* _HOW TO COMPLETE THIS TASK_
Pick out every line in the data below that holds "weight".

* _PROVIDED RECORDS_
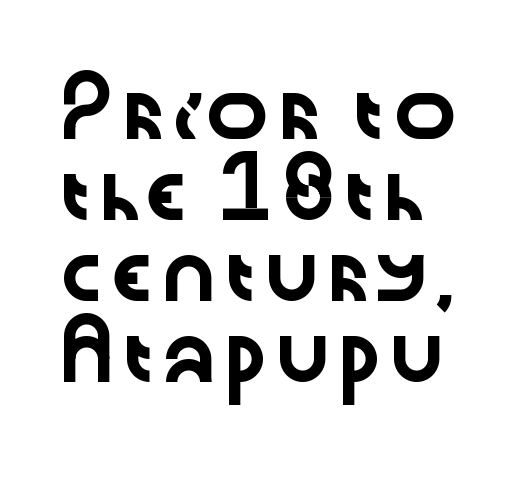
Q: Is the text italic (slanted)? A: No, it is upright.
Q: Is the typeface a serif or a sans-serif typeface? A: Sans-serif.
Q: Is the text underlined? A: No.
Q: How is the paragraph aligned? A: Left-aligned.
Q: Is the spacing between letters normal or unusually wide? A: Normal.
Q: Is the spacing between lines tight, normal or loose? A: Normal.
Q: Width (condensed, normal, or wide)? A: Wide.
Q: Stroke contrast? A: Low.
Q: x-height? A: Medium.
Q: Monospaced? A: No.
...
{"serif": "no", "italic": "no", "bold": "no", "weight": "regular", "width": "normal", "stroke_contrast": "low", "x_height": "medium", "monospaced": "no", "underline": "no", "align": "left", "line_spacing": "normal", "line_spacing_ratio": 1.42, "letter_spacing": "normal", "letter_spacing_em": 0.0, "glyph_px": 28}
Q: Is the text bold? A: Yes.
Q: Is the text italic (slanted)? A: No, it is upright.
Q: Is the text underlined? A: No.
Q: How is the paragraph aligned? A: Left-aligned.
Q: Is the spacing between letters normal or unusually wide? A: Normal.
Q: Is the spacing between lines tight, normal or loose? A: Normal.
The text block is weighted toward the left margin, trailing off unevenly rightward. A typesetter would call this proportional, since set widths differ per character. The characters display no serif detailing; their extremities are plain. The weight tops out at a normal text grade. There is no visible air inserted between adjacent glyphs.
==
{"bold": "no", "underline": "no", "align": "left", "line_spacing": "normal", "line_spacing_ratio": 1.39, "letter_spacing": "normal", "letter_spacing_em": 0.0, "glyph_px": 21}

* _EXPECTED ANSWER_
{"serif": "no", "italic": "no", "bold": "no", "weight": "regular", "width": "normal", "stroke_contrast": "low", "x_height": "medium", "monospaced": "no", "underline": "no", "align": "left", "line_spacing": "normal", "line_spacing_ratio": 1.42, "letter_spacing": "normal", "letter_spacing_em": 0.0, "glyph_px": 28}
The text block is weighted toward the left margin, trailing off unevenly rightward. A typesetter would call this proportional, since set widths differ per character. The characters display no serif detailing; their extremities are plain. The weight tops out at a normal text grade. There is no visible air inserted between adjacent glyphs.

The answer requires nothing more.